## Activity
Would you return the entries below exactly from the line containing "Pulmonary congestion: 0" onward, ending with the final line and including it, and nothing else?

Data excerpts:
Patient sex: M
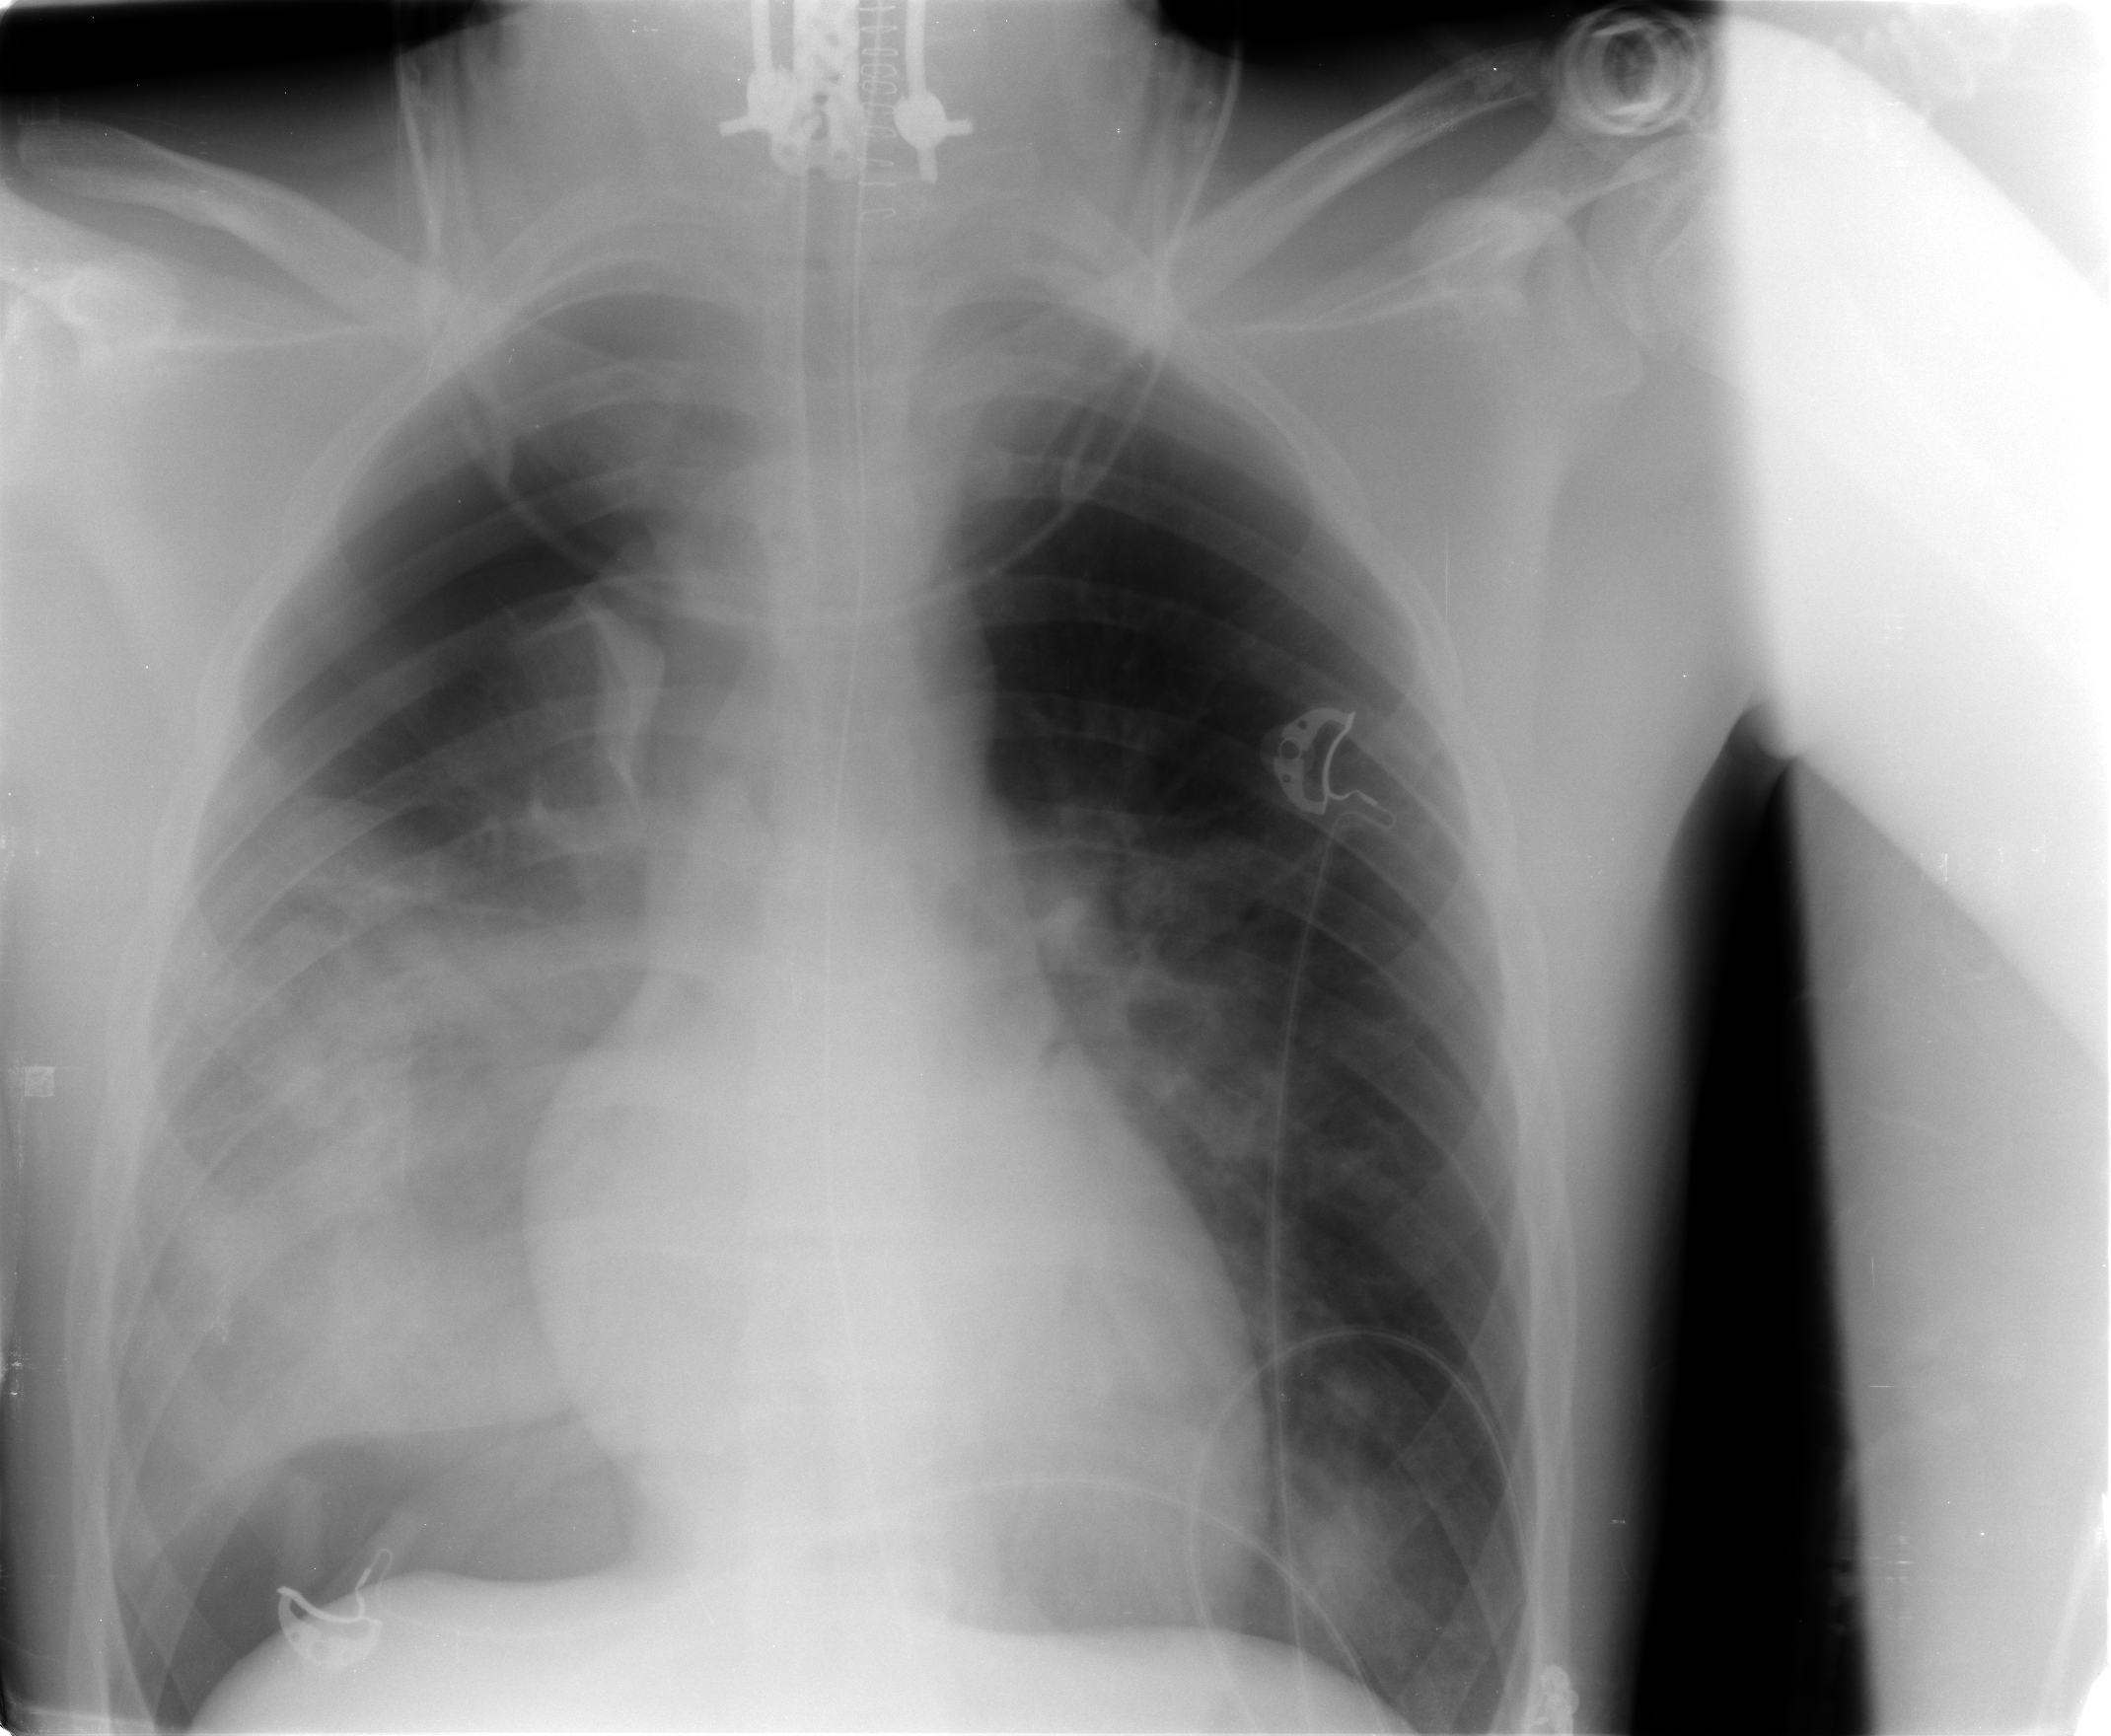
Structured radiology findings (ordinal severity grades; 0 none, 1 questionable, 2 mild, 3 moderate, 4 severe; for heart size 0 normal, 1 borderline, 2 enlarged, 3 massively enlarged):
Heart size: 0
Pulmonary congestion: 0
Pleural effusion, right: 0
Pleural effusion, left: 0
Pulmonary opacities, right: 0
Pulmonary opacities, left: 0
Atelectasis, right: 3
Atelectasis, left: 0

## Exercise result
Pulmonary congestion: 0
Pleural effusion, right: 0
Pleural effusion, left: 0
Pulmonary opacities, right: 0
Pulmonary opacities, left: 0
Atelectasis, right: 3
Atelectasis, left: 0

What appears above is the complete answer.